**Task item**
Go through the listing below and repeat it exactly, omitting each picture.

■ ■ ■ ■ ■

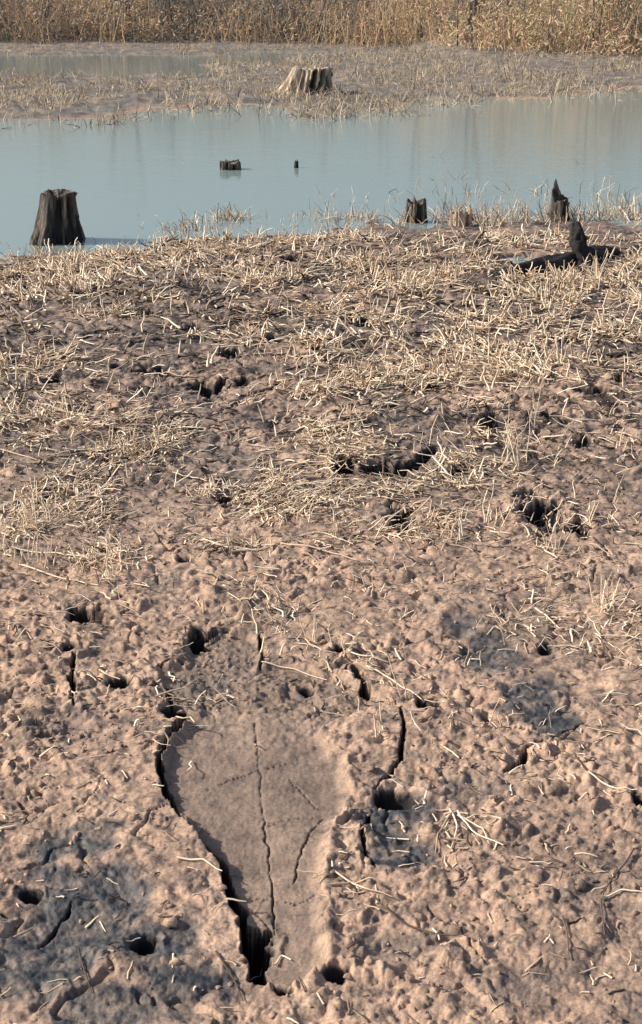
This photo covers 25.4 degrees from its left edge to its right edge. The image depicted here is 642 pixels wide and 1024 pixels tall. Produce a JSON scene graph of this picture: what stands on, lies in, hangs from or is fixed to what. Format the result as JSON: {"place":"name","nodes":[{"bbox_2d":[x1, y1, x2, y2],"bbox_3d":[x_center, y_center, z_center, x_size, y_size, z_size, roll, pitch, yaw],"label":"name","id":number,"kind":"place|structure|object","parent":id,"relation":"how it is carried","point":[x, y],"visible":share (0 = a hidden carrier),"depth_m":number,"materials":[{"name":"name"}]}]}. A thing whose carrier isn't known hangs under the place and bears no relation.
{"place":"outdoors","nodes":[
{"label":"outdoors","id":0,"kind":"place"},
{"bbox_2d":[0,0,641,1023],"bbox_3d":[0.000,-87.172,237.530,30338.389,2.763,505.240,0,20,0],"label":"ground","id":1,"kind":"structure","parent":0,"point":[282,794],"depth_m":3.68,"materials":[{"name":"brown soil"}]},
{"bbox_2d":[29,189,85,245],"bbox_3d":[-1.942,-2.115,10.342,0.475,0.450,0.466,0,20,0],"label":"tree stump","id":2,"kind":"object","parent":1,"relation":"on","point":[57,220],"visible":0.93,"depth_m":10.22,"materials":[{"name":"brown wood"}]},
{"bbox_2d":[276,66,332,95],"bbox_3d":[-0.341,-7.302,24.223,1.103,0.550,1.007,0,20,0],"label":"tree stump","id":3,"kind":"object","parent":1,"relation":"on","point":[304,78],"visible":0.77,"depth_m":23.92,"materials":[{"name":"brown wood"}]},
{"bbox_2d":[0,215,641,1023],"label":"straw litter","id":4,"kind":"object","parent":1,"relation":"on","point":[112,259],"visible":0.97,"depth_m":6.46,"materials":[{"name":"beige plant"}]},
{"bbox_2d":[0,0,641,59],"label":"reed bed","id":5,"kind":"object","parent":1,"relation":"on","point":[250,20],"visible":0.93,"depth_m":43.76,"materials":[{"name":"beige plant"}]},
{"bbox_2d":[0,28,641,128],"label":"marsh grass","id":6,"kind":"structure","parent":1,"relation":"on","point":[320,95],"depth_m":26.06,"materials":[{"name":"beige plant"}]},
{"bbox_2d":[0,0,641,52],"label":"distant saplings","id":7,"kind":"object","parent":1,"relation":"on","point":[378,7],"visible":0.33,"depth_m":43.62,"materials":[{"name":"beige plant"}]},
{"bbox_2d":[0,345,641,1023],"bbox_3d":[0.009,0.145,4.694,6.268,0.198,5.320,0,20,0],"label":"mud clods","id":8,"kind":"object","parent":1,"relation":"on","point":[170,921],"visible":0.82,"depth_m":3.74,"materials":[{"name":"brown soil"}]},
{"bbox_2d":[0,388,641,965],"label":"reed stalks","id":9,"kind":"object","parent":1,"relation":"on","point":[466,820],"visible":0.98,"depth_m":3.82,"materials":[{"name":"plant"}]},
{"bbox_2d":[78,755,634,1000],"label":"twigs","id":10,"kind":"object","parent":1,"relation":"on","point":[383,906],"visible":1,"depth_m":2.72,"materials":[{"name":"brown wood"}]},
{"bbox_2d":[404,197,427,223],"bbox_3d":[0.747,-2.346,11.225,0.227,0.273,0.178,0,20,0],"label":"tree stump","id":11,"kind":"object","parent":1,"relation":"on","point":[419,212],"visible":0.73,"depth_m":11.17,"materials":[{"name":"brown wood"}]},
{"bbox_2d":[449,210,471,226],"bbox_3d":[1.075,-2.241,11.024,0.221,0.215,0.197,-18,27,-40],"label":"tree stump","id":12,"kind":"object","parent":1,"relation":"on","point":[467,216],"visible":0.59,"depth_m":10.95,"materials":[{"name":"brown wood"}]},
{"bbox_2d":[499,257,538,263],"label":"puddle","id":13,"kind":"object","parent":1,"relation":"on","point":[521,259],"visible":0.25,"depth_m":9.54,"materials":[{"name":"grey liquid"}]},
{"bbox_2d":[492,221,621,275],"bbox_3d":[1.640,-1.650,9.112,1.280,0.378,0.357,-16,26,-37],"label":"fallen log","id":14,"kind":"object","parent":1,"relation":"on","point":[578,245],"visible":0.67,"depth_m":9.15,"materials":[{"name":"brown wood"}]},
{"bbox_2d":[546,178,569,221],"bbox_3d":[1.879,-2.437,11.277,0.225,0.407,0.198,-19,27,-41],"label":"tree stump","id":15,"kind":"object","parent":1,"relation":"on","point":[559,200],"visible":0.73,"depth_m":11.23,"materials":[{"name":"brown wood"}]},
{"bbox_2d":[0,51,641,263],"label":"water","id":16,"kind":"structure","parent":0,"point":[126,179],"depth_m":15.20,"materials":[{"name":"blue liquid"}]},
{"bbox_2d":[219,159,240,169],"bbox_3d":[-0.922,-3.501,14.482,0.276,0.178,0.237,-10,23,-25],"label":"tree stump","id":17,"kind":"object","parent":16,"relation":"in","point":[225,164],"visible":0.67,"depth_m":14.41,"materials":[{"name":"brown wood"}]},
{"bbox_2d":[294,160,298,167],"bbox_3d":[-0.262,-3.533,14.582,0.076,0.170,0.069,0,20,0],"label":"tree stump","id":18,"kind":"object","parent":16,"relation":"in","point":[296,165],"visible":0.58,"depth_m":14.56,"materials":[{"name":"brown wood"}]},
{"bbox_2d":[0,108,641,737],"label":"dead grass","id":19,"kind":"structure","parent":0,"point":[226,216],"depth_m":9.26,"materials":[{"name":"plant"}]}
]}

■ ■ ■ ■ ■

**Worked solution**
This photo covers 25.4 degrees from its left edge to its right edge. The image depicted here is 642 pixels wide and 1024 pixels tall. Produce a JSON scene graph of this picture: what stands on, lies in, hangs from or is fixed to what. Format the result as JSON: {"place":"name","nodes":[{"bbox_2d":[x1, y1, x2, y2],"bbox_3d":[x_center, y_center, z_center, x_size, y_size, z_size, roll, pitch, yaw],"label":"name","id":number,"kind":"place|structure|object","parent":id,"relation":"how it is carried","point":[x, y],"visible":share (0 = a hidden carrier),"depth_m":number,"materials":[{"name":"name"}]}]}. A thing whose carrier isn't known hangs under the place and bears no relation.
{"place":"outdoors","nodes":[
{"label":"outdoors","id":0,"kind":"place"},
{"bbox_2d":[0,0,641,1023],"bbox_3d":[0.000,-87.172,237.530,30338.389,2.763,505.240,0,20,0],"label":"ground","id":1,"kind":"structure","parent":0,"point":[282,794],"depth_m":3.68,"materials":[{"name":"brown soil"}]},
{"bbox_2d":[29,189,85,245],"bbox_3d":[-1.942,-2.115,10.342,0.475,0.450,0.466,0,20,0],"label":"tree stump","id":2,"kind":"object","parent":1,"relation":"on","point":[57,220],"visible":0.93,"depth_m":10.22,"materials":[{"name":"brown wood"}]},
{"bbox_2d":[276,66,332,95],"bbox_3d":[-0.341,-7.302,24.223,1.103,0.550,1.007,0,20,0],"label":"tree stump","id":3,"kind":"object","parent":1,"relation":"on","point":[304,78],"visible":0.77,"depth_m":23.92,"materials":[{"name":"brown wood"}]},
{"bbox_2d":[0,215,641,1023],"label":"straw litter","id":4,"kind":"object","parent":1,"relation":"on","point":[112,259],"visible":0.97,"depth_m":6.46,"materials":[{"name":"beige plant"}]},
{"bbox_2d":[0,0,641,59],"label":"reed bed","id":5,"kind":"object","parent":1,"relation":"on","point":[250,20],"visible":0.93,"depth_m":43.76,"materials":[{"name":"beige plant"}]},
{"bbox_2d":[0,28,641,128],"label":"marsh grass","id":6,"kind":"structure","parent":1,"relation":"on","point":[320,95],"depth_m":26.06,"materials":[{"name":"beige plant"}]},
{"bbox_2d":[0,0,641,52],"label":"distant saplings","id":7,"kind":"object","parent":1,"relation":"on","point":[378,7],"visible":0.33,"depth_m":43.62,"materials":[{"name":"beige plant"}]},
{"bbox_2d":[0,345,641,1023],"bbox_3d":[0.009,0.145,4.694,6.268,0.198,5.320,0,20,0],"label":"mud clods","id":8,"kind":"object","parent":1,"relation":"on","point":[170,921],"visible":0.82,"depth_m":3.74,"materials":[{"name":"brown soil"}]},
{"bbox_2d":[0,388,641,965],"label":"reed stalks","id":9,"kind":"object","parent":1,"relation":"on","point":[466,820],"visible":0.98,"depth_m":3.82,"materials":[{"name":"plant"}]},
{"bbox_2d":[78,755,634,1000],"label":"twigs","id":10,"kind":"object","parent":1,"relation":"on","point":[383,906],"visible":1,"depth_m":2.72,"materials":[{"name":"brown wood"}]},
{"bbox_2d":[404,197,427,223],"bbox_3d":[0.747,-2.346,11.225,0.227,0.273,0.178,0,20,0],"label":"tree stump","id":11,"kind":"object","parent":1,"relation":"on","point":[419,212],"visible":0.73,"depth_m":11.17,"materials":[{"name":"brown wood"}]},
{"bbox_2d":[449,210,471,226],"bbox_3d":[1.075,-2.241,11.024,0.221,0.215,0.197,-18,27,-40],"label":"tree stump","id":12,"kind":"object","parent":1,"relation":"on","point":[467,216],"visible":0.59,"depth_m":10.95,"materials":[{"name":"brown wood"}]},
{"bbox_2d":[499,257,538,263],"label":"puddle","id":13,"kind":"object","parent":1,"relation":"on","point":[521,259],"visible":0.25,"depth_m":9.54,"materials":[{"name":"grey liquid"}]},
{"bbox_2d":[492,221,621,275],"bbox_3d":[1.640,-1.650,9.112,1.280,0.378,0.357,-16,26,-37],"label":"fallen log","id":14,"kind":"object","parent":1,"relation":"on","point":[578,245],"visible":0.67,"depth_m":9.15,"materials":[{"name":"brown wood"}]},
{"bbox_2d":[546,178,569,221],"bbox_3d":[1.879,-2.437,11.277,0.225,0.407,0.198,-19,27,-41],"label":"tree stump","id":15,"kind":"object","parent":1,"relation":"on","point":[559,200],"visible":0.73,"depth_m":11.23,"materials":[{"name":"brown wood"}]},
{"bbox_2d":[0,51,641,263],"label":"water","id":16,"kind":"structure","parent":0,"point":[126,179],"depth_m":15.20,"materials":[{"name":"blue liquid"}]},
{"bbox_2d":[219,159,240,169],"bbox_3d":[-0.922,-3.501,14.482,0.276,0.178,0.237,-10,23,-25],"label":"tree stump","id":17,"kind":"object","parent":16,"relation":"in","point":[225,164],"visible":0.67,"depth_m":14.41,"materials":[{"name":"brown wood"}]},
{"bbox_2d":[294,160,298,167],"bbox_3d":[-0.262,-3.533,14.582,0.076,0.170,0.069,0,20,0],"label":"tree stump","id":18,"kind":"object","parent":16,"relation":"in","point":[296,165],"visible":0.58,"depth_m":14.56,"materials":[{"name":"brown wood"}]},
{"bbox_2d":[0,108,641,737],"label":"dead grass","id":19,"kind":"structure","parent":0,"point":[226,216],"depth_m":9.26,"materials":[{"name":"plant"}]}
]}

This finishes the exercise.